**DATA SUPPLIED**
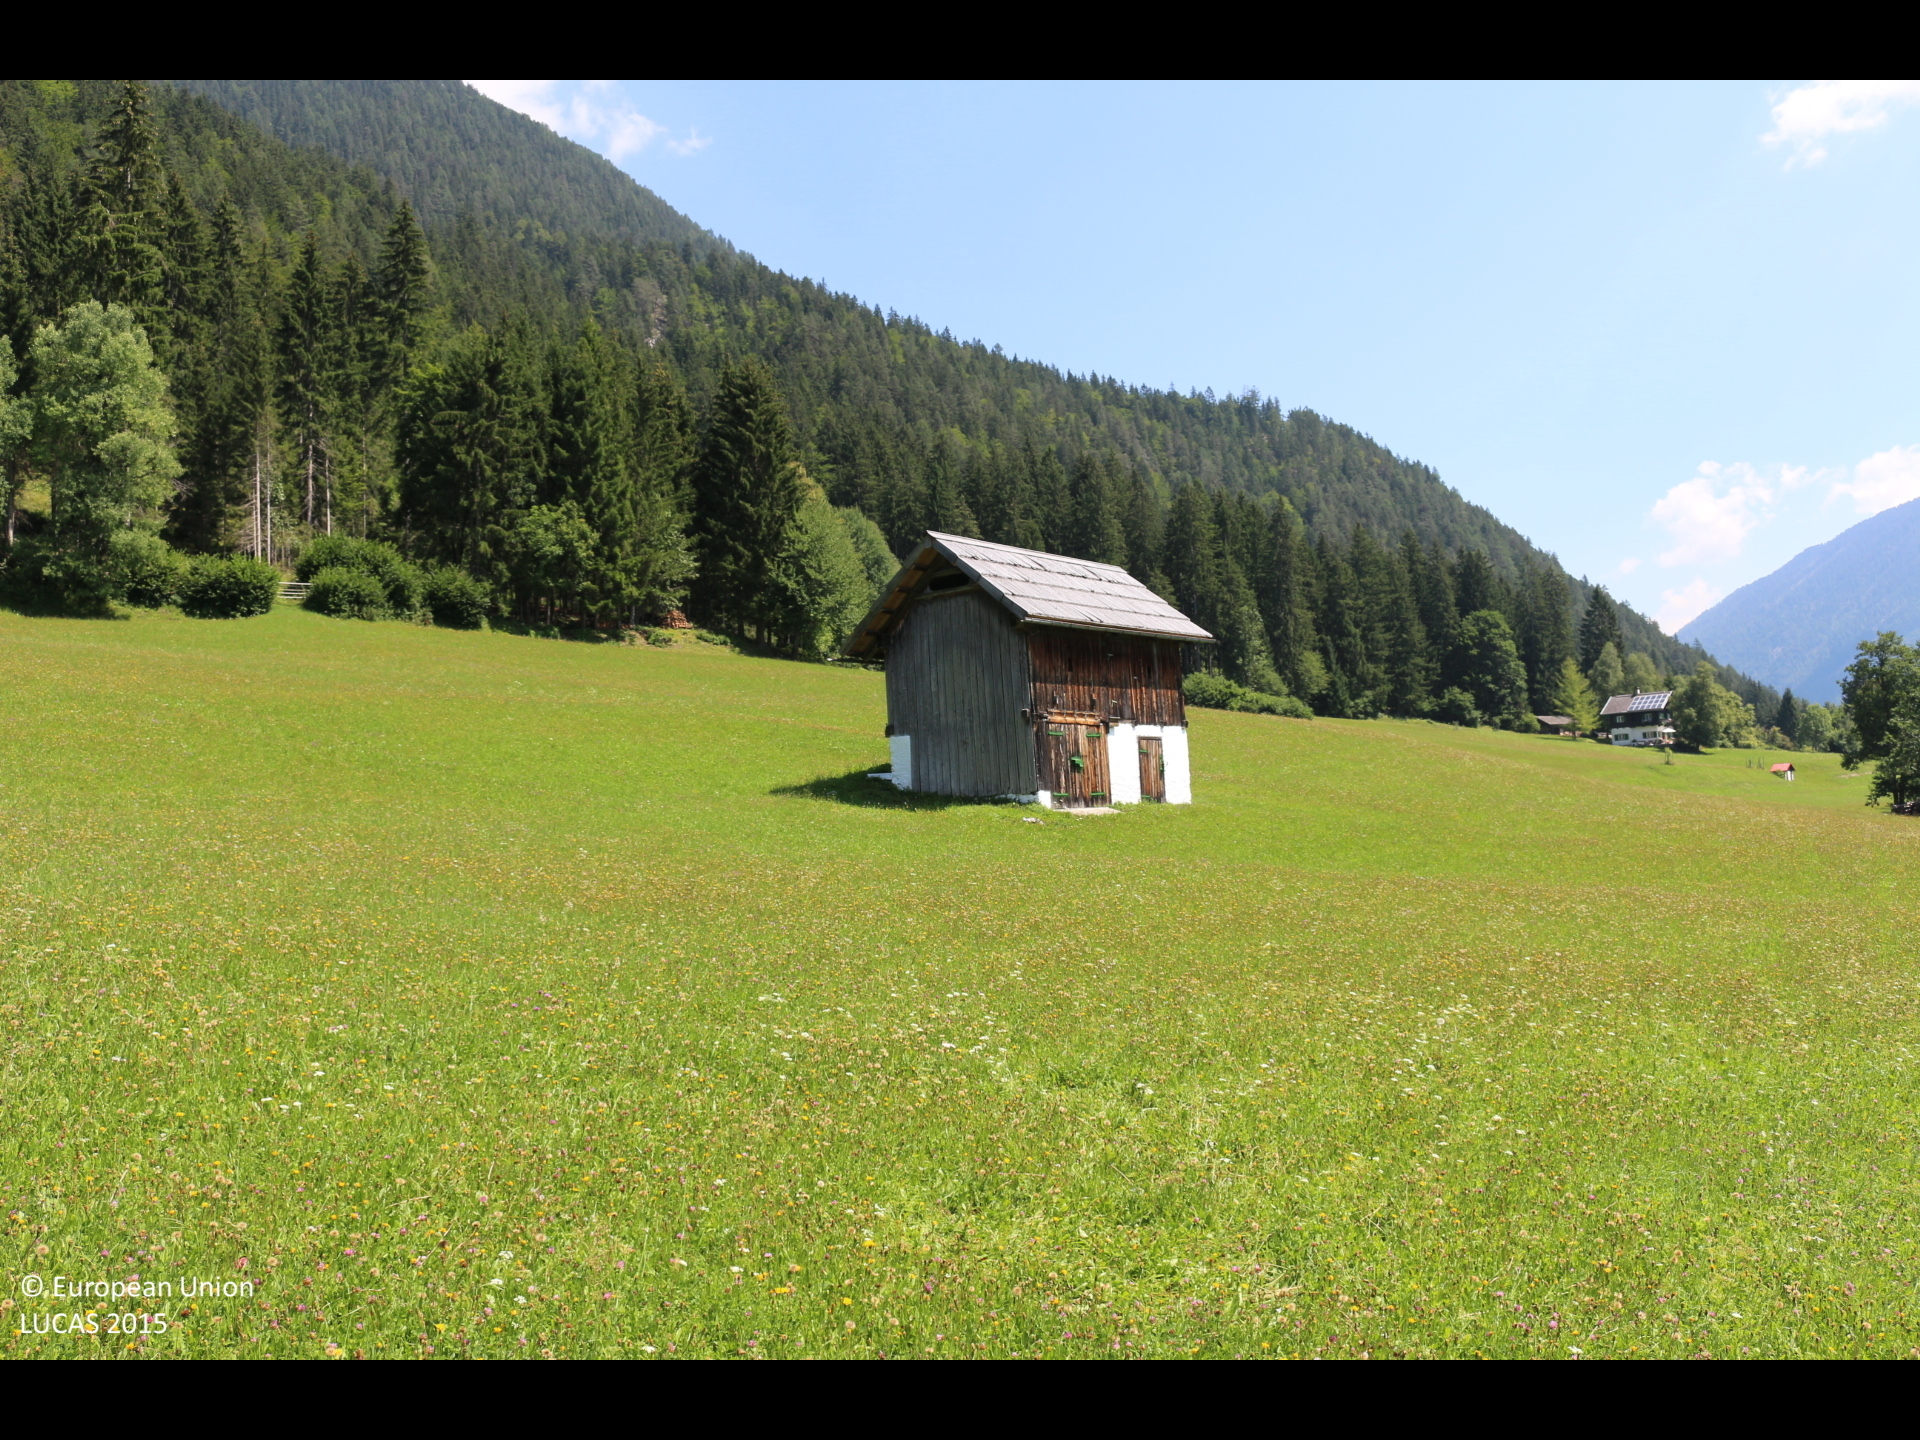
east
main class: Grassland
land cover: Grassland without tree/shrub cover
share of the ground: > 75 %
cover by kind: herbaceous plants 100 %
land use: Agriculture (excluding fallow land and kitchen gardens)
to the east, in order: Grassland without tree/shrub cover; Artificial constructions in urban areas; Grassland without tree/shrub cover; Other mixed woodland
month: August
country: AT
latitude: 46.7139
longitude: 13.3331

**WORK INSTRUCTION**
Exactly as they appear above, print all the lines, but not the pictures.

**SOLUTION TO THE EXERCISE**
east
main class: Grassland
land cover: Grassland without tree/shrub cover
share of the ground: > 75 %
cover by kind: herbaceous plants 100 %
land use: Agriculture (excluding fallow land and kitchen gardens)
to the east, in order: Grassland without tree/shrub cover; Artificial constructions in urban areas; Grassland without tree/shrub cover; Other mixed woodland
month: August
country: AT
latitude: 46.7139
longitude: 13.3331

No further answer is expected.